What Is Better Dairy?
Better Dairy is a London-based biotech startup that uses precision fermentation — a method where genetically engineered microorganisms (often yeast) are programmed to produce specific proteins — to make dairy proteins without cows. (Better Dairy)
Their core mission is to reimagine dairy nutrition by creating proteins that are:
- Molecularly equivalent to those in real milk,
- Animal-free and more sustainable to produce, and
- Optimised for human nutrition, not just mimic dairy. (Better Dairy)
The company was founded in 2020 and has raised significant funding as part of its ongoing research and commercialization push. (Startups.co.uk)
Precision Fermentation: How It Works
Precision fermentation is similar to brewing beer — except instead of producing alcohol, scientists feed microorganisms the genetic instructions to produce real milk proteins, such as casein or osteopontin. (dairynews.today)
This process:
- Eliminates the need for cows (reducing methane and land use),
- Uses far less water and emits fewer greenhouse gases than traditional dairy, and
- Creates dairy proteins that behave like the real thing in food products. (synbiobeta.com)

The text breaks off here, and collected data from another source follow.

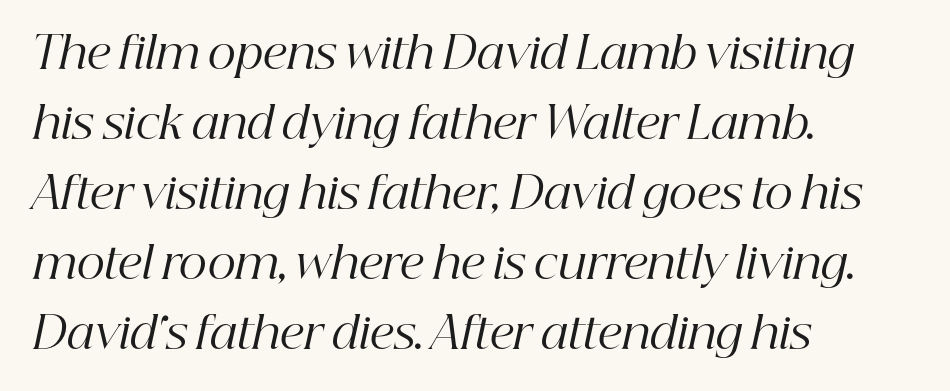
{"serif": "yes", "italic": "yes", "lean": "right", "slant_degrees": 12, "bold": "no", "weight": "regular", "width": "normal", "stroke_contrast": "high", "x_height": "medium", "monospaced": "no", "underline": "no", "align": "left", "line_spacing": "normal", "line_spacing_ratio": 1.59, "letter_spacing": "normal", "letter_spacing_em": 0.0, "glyph_px": 44}
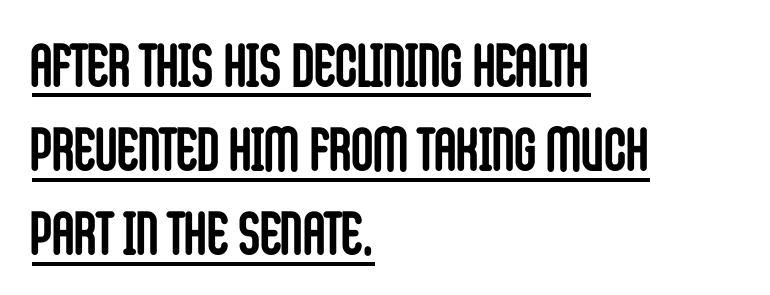
The passage is arranged the way most books set body copy — flush left. What's the leading like? Ordinary, nothing unusual. Characters follow at the spacing the type designer built in. A full-strength bold gives these letters their thick strokes.
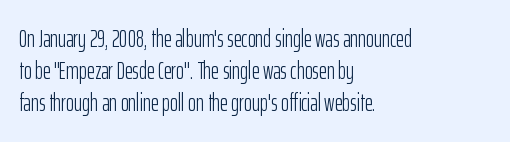
Q: Is the text bold? A: No.
Q: Is the text italic (slanted)? A: No, it is upright.
Q: Is the text underlined? A: No.
Q: How is the paragraph aligned? A: Left-aligned.
Q: Is the spacing between letters normal or unusually wide? A: Normal.
Q: Is the spacing between lines tight, normal or loose? A: Normal.
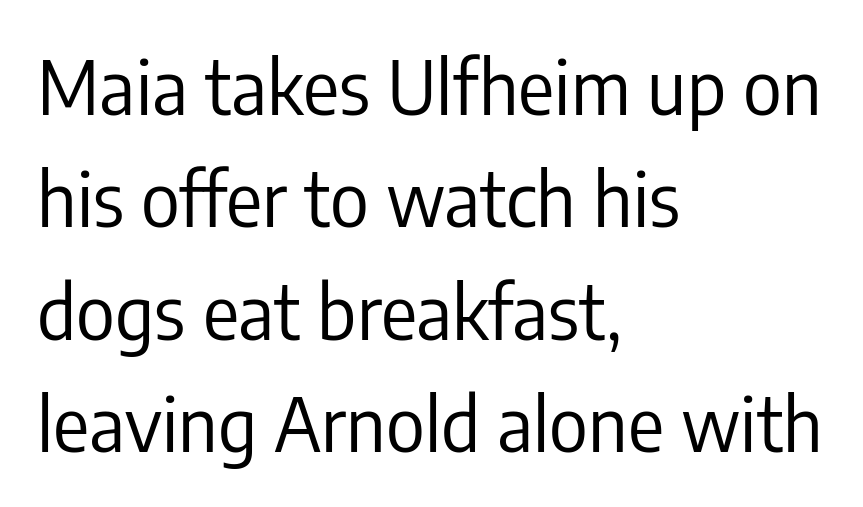
The image shows 75 px regular-weight, condensed sans-serif type, upright; set left-aligned, normal line spacing (1.5x), normal letter spacing, not underlined; low stroke contrast and a medium x-height.
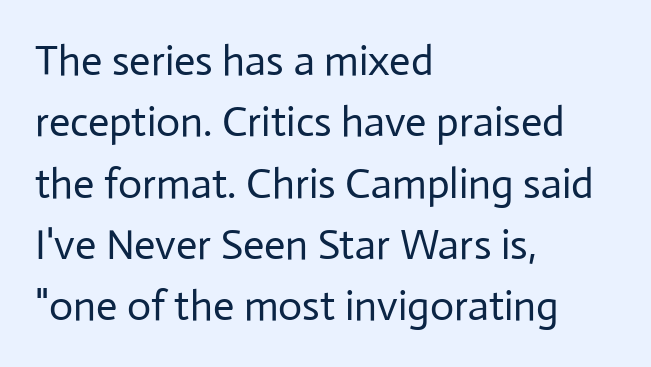
The image shows 42 px regular-weight sans-serif type, upright; set left-aligned, normal line spacing (1.46x), normal letter spacing, not underlined; low stroke contrast and a medium x-height.
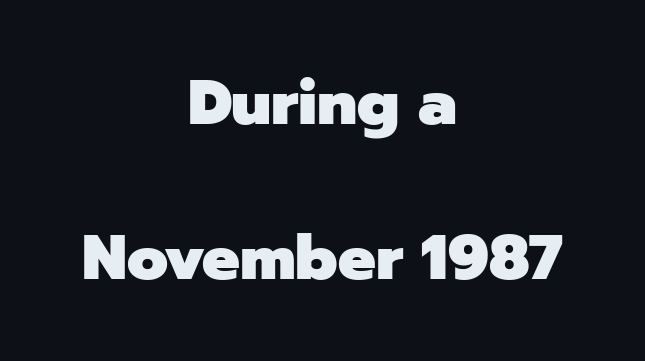
Loosely led — the rows are spread out. Strokes here are thick enough to call this a true bold. Think of a printed novel: that variable character pitch is what you see here. You could call the tracking neutral — neither tight nor loose. If you drew a line through each stem, it would be perfectly vertical. Layout note: lines centered.
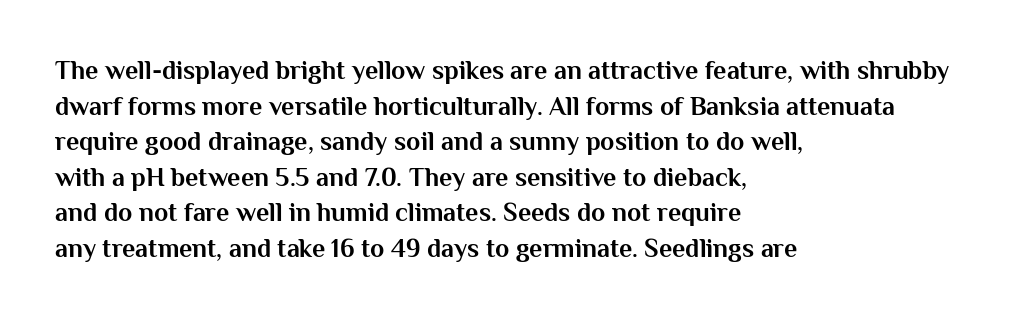
Descenders are the only things crossing below the line. Weight: bold. The tracking reads as untouched default to a designer's eye. A typesetter would mark this as roman, not italic.
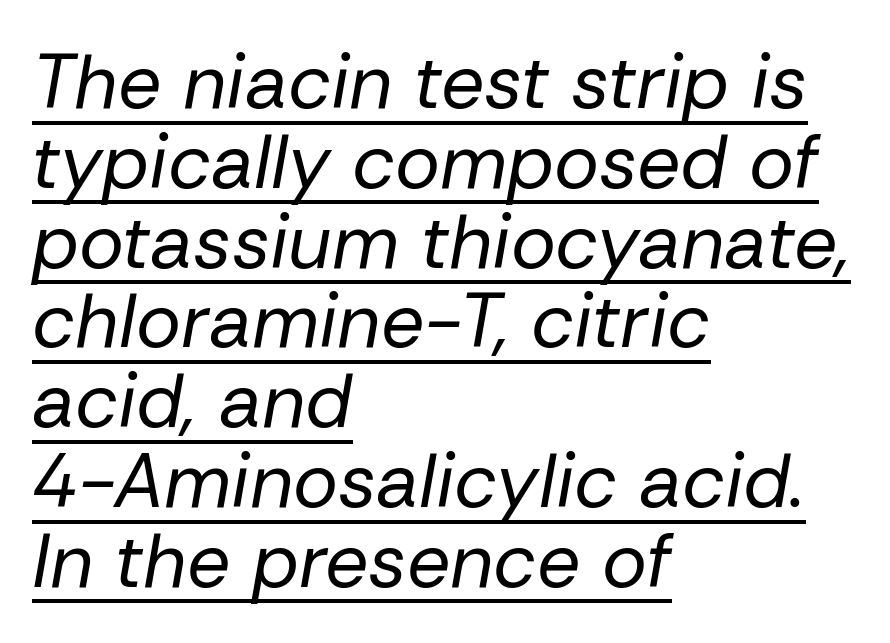
The passage shown is typed in a proportional face where columns would drift. Tracking value appears to be zero — textbook default spacing. Interline gaps are noticeably narrow in this sample. Somebody hit Ctrl+U on this one — the words are underlined. The lettering tilts uniformly, giving the passage an italic look.
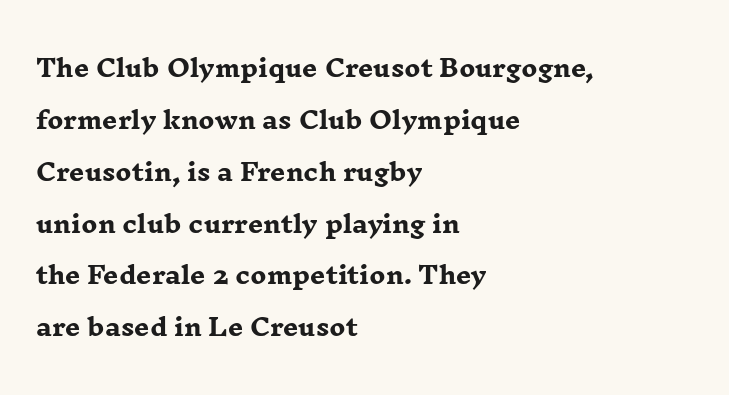
Q: Is the text bold? A: Yes.
Q: Is the text italic (slanted)? A: No, it is upright.
Q: Is the text underlined? A: No.
Q: How is the paragraph aligned? A: Left-aligned.
Q: Is the spacing between letters normal or unusually wide? A: Normal.
Q: Is the spacing between lines tight, normal or loose? A: Loose.
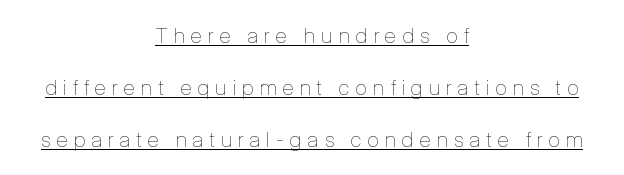
The image shows 21 px text type, upright; set centered, loose line spacing (2.47x), unusually wide letter spacing (+0.3 em), underlined.
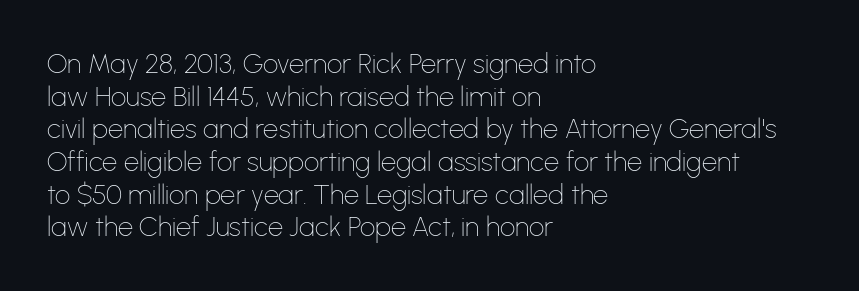
What stands out about the letter spacing? Nothing — it is the standard amount. This is not heavy type; no bold has been used. Just letters on the line, the space beneath them empty. Notice how the stems are strictly vertical — no italics here. This rendering uses left alignment, leaving the right contour irregular.
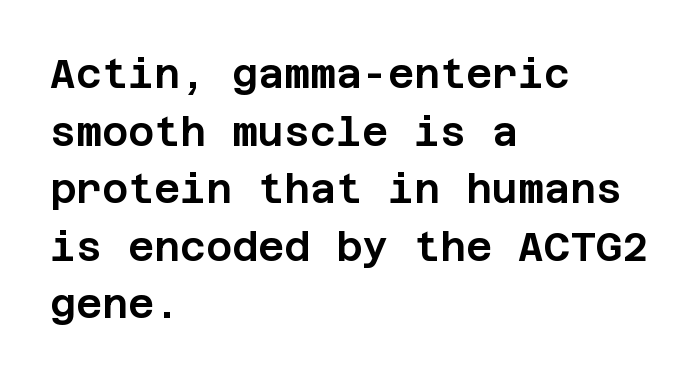
The image shows 40 px sans-serif type, upright; set left-aligned, normal line spacing (1.44x), normal letter spacing, not underlined; low stroke contrast and a large x-height.

Key Innovations & Products
Casein for Cheese and Dairy Structure
Better Dairy develops all four types of casein proteins (αS1, αS2, β and κ-casein), which are essential for:
- Traditional cheese textures
- Melting and aging behaviors
- Functional dairy applications
This is more advanced than many competitors who produce only partial or single casein types. (dairynews.today)
Because they include proper phosphorylation — a chemical modification important for mineral binding — their casein can mimic how real cheese binds and ripens. (dairynews.today)
Osteopontin — A Next-Gen Nutritional Protein
Osteopontin (OPN) is a bioactive protein found in high levels in human breast milk but low in cow’s milk. It’s linked to:
- Infant development (immune function, gut health, bone growth)
- Calcium metabolism and bone strength
- Potential benefits in adult nutrition and healthy ageing
Better Dairy is pioneering precision fermentation to make human-identical osteopontin at scale, including proper functional modifications. (FoodNavigator.com)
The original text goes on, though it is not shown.